- 1960 Leaf baseball card
- Pitcher
- Born: August 15, 1934 Houston, Texas, U.S.
- Died: January 17, 2006 (aged 71) Shreveport, Louisiana, U.S.
- Batted: LeftThrew: Left

MLB debut
- April 27, 1957, for the Philadelphia Phillies

Last MLB appearance
- September 15, 1961, for the Milwaukee Braves

MLB statistics
- Win–loss record: 5–19
- Earned run average: 4.81
- Strikeouts: 184
- Stats at Baseball Reference

Teams
- Philadelphia Phillies (1957–1959); Chicago Cubs (1959–1960); Milwaukee Braves (1961);

= Seth Morehead =

American baseball player (1934–2006)

Seth Marvin "Moe" Morehead (August 15, 1934 – January 17, 2006) was a left-handed specialist reliever in Major League Baseball. He was born in Houston, Texas.

Morehead was signed by the Philadelphia Phillies as an amateur free agent in 1952 out of C. E. Byrd High School in Shreveport, LA. He spent five seasons in the major leagues pitching in parts of three seasons with the Phillies (1957–59), two seasons with the Chicago Cubs (1959–60) and one season with the Milwaukee Braves (1961).
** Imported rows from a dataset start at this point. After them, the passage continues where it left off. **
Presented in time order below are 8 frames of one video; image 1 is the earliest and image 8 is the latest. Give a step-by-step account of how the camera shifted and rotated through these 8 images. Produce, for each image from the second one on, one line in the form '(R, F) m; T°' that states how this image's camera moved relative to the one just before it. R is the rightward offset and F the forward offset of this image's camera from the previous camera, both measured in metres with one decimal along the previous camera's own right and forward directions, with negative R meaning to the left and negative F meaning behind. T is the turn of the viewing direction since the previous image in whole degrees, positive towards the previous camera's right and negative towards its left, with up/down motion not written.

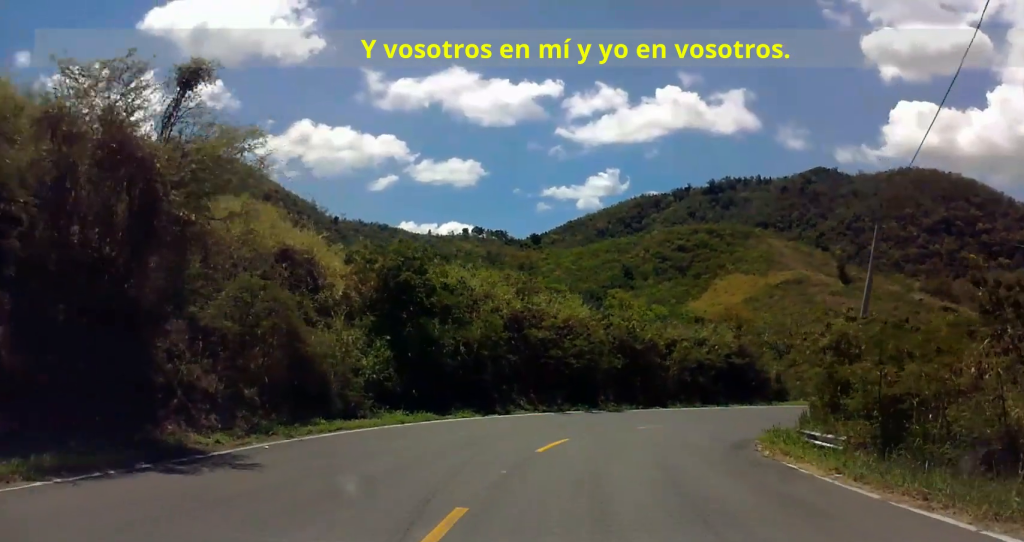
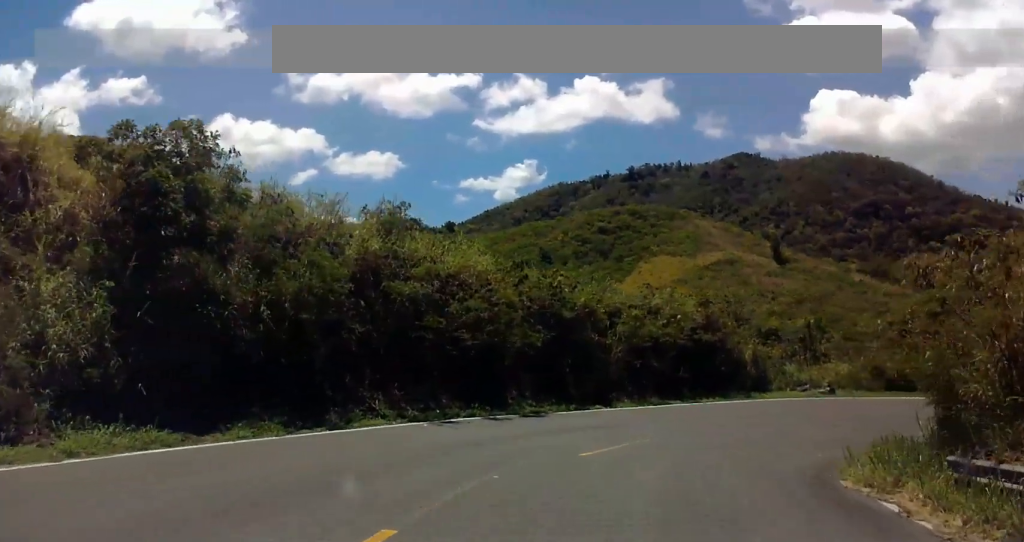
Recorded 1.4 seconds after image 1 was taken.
(0.0, +11.4) m; 0°
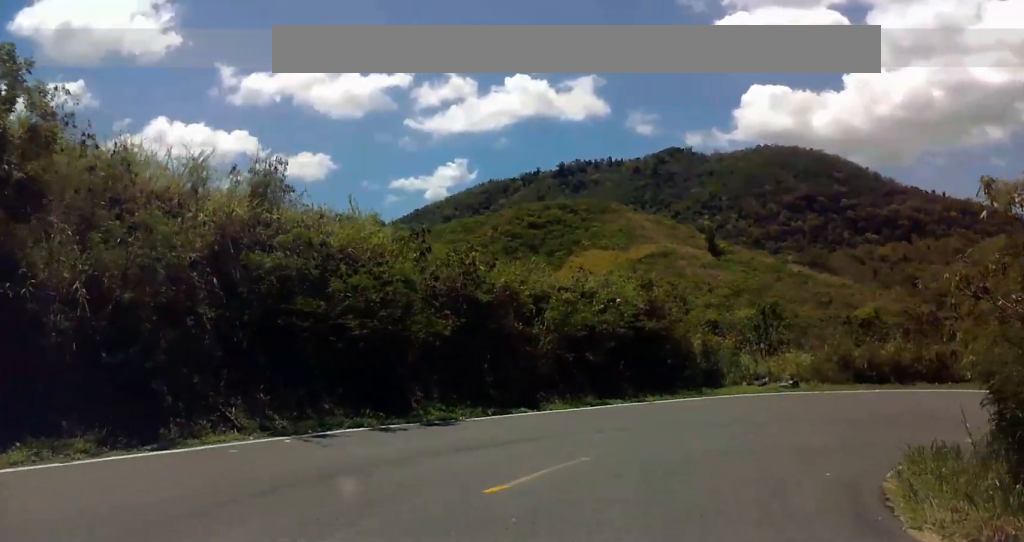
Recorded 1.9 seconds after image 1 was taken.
(0.0, +4.5) m; 0°
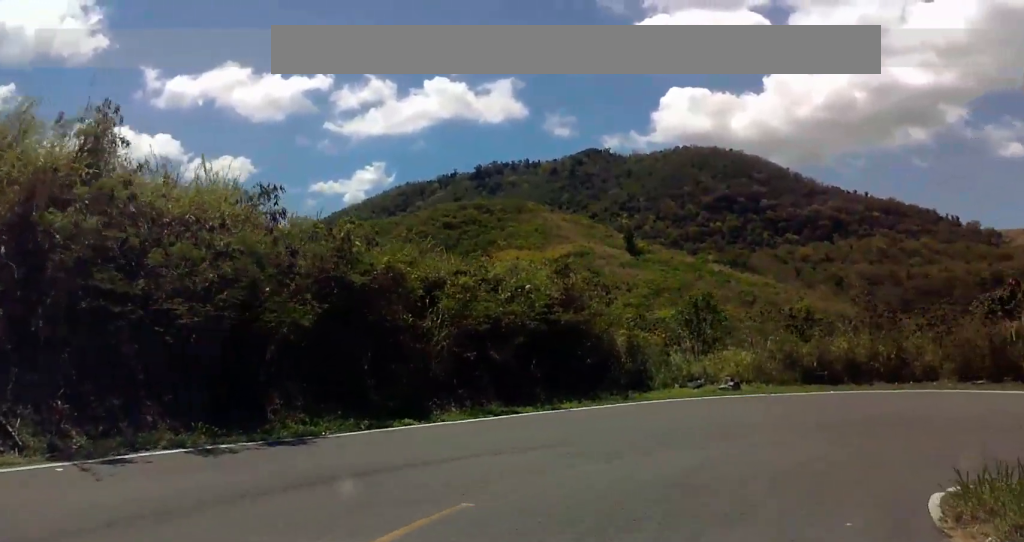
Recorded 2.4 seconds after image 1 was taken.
(0.0, +4.5) m; 0°
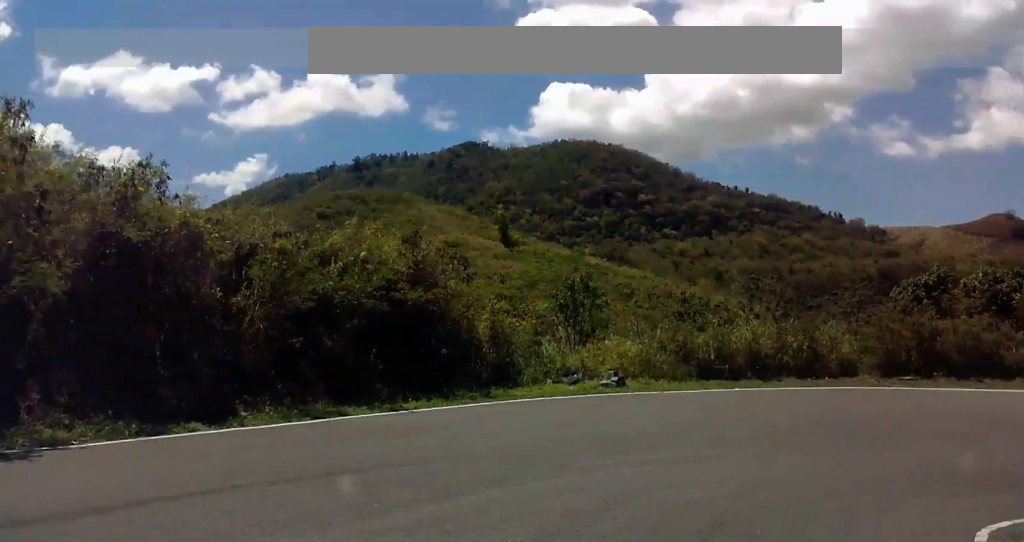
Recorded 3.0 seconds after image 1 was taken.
(0.0, +5.0) m; 0°
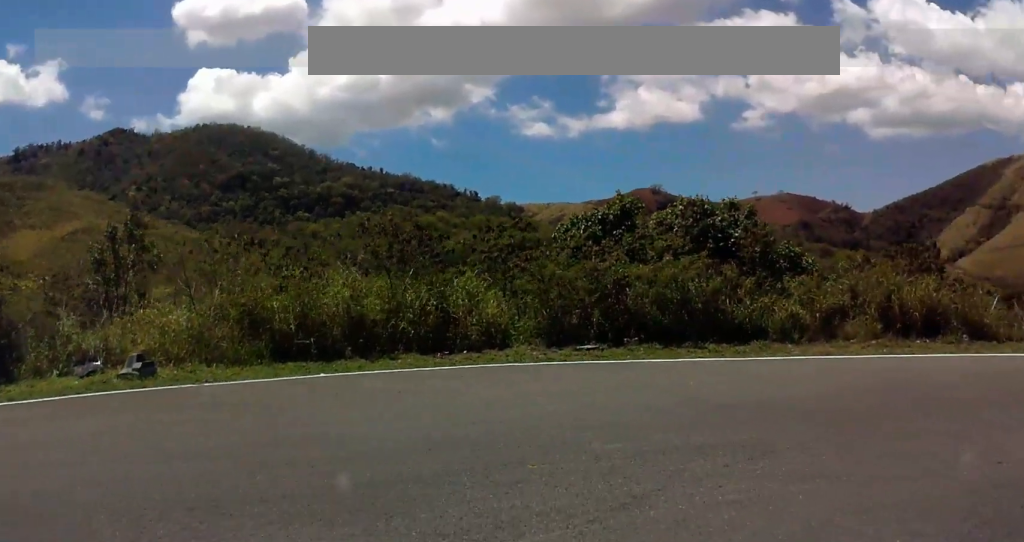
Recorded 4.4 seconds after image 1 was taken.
(0.0, +9.1) m; +15°
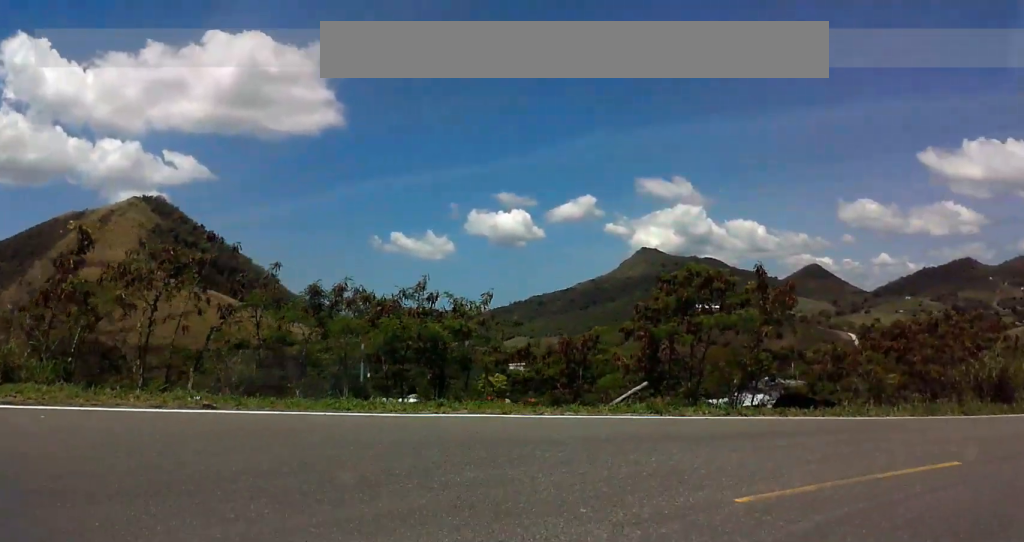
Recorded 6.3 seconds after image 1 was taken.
(+4.7, +6.7) m; +63°
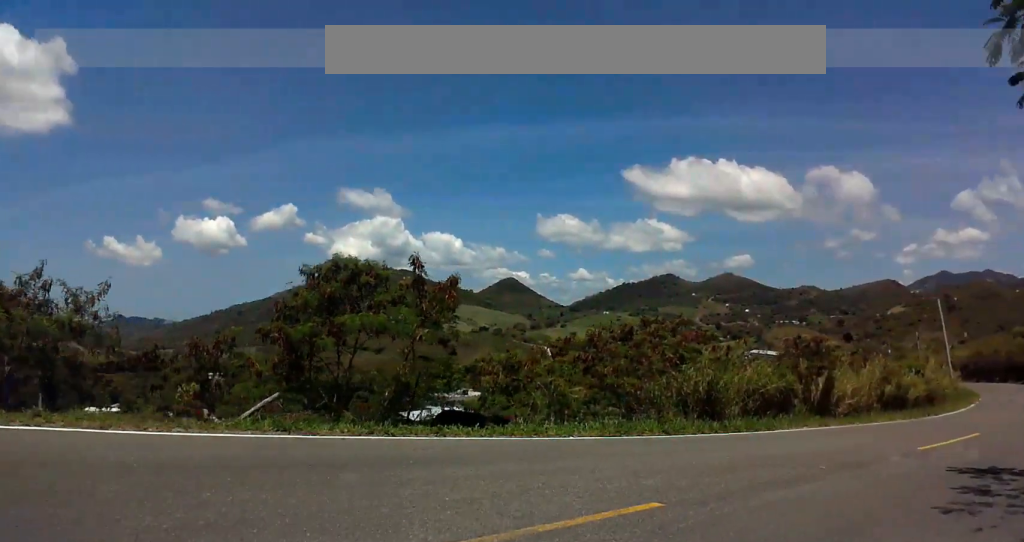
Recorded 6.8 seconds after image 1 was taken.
(-0.3, +2.5) m; +10°

Morehead posted a 5–19 record with a 4.81 ERA and five saves in 132 games pitched (24 as a starter). Among his career highlights was being the last pitcher to face Roy Campanella and also the last pitcher to face the Brooklyn Dodgers before the team moved to Los Angeles after the 1957 season.

Following his baseball career, Morehead graduated from Baylor University with a degree in business. He worked in banking for 36 years before retiring in 1999.

Morehead died in Shreveport, Louisiana, at the age of 71.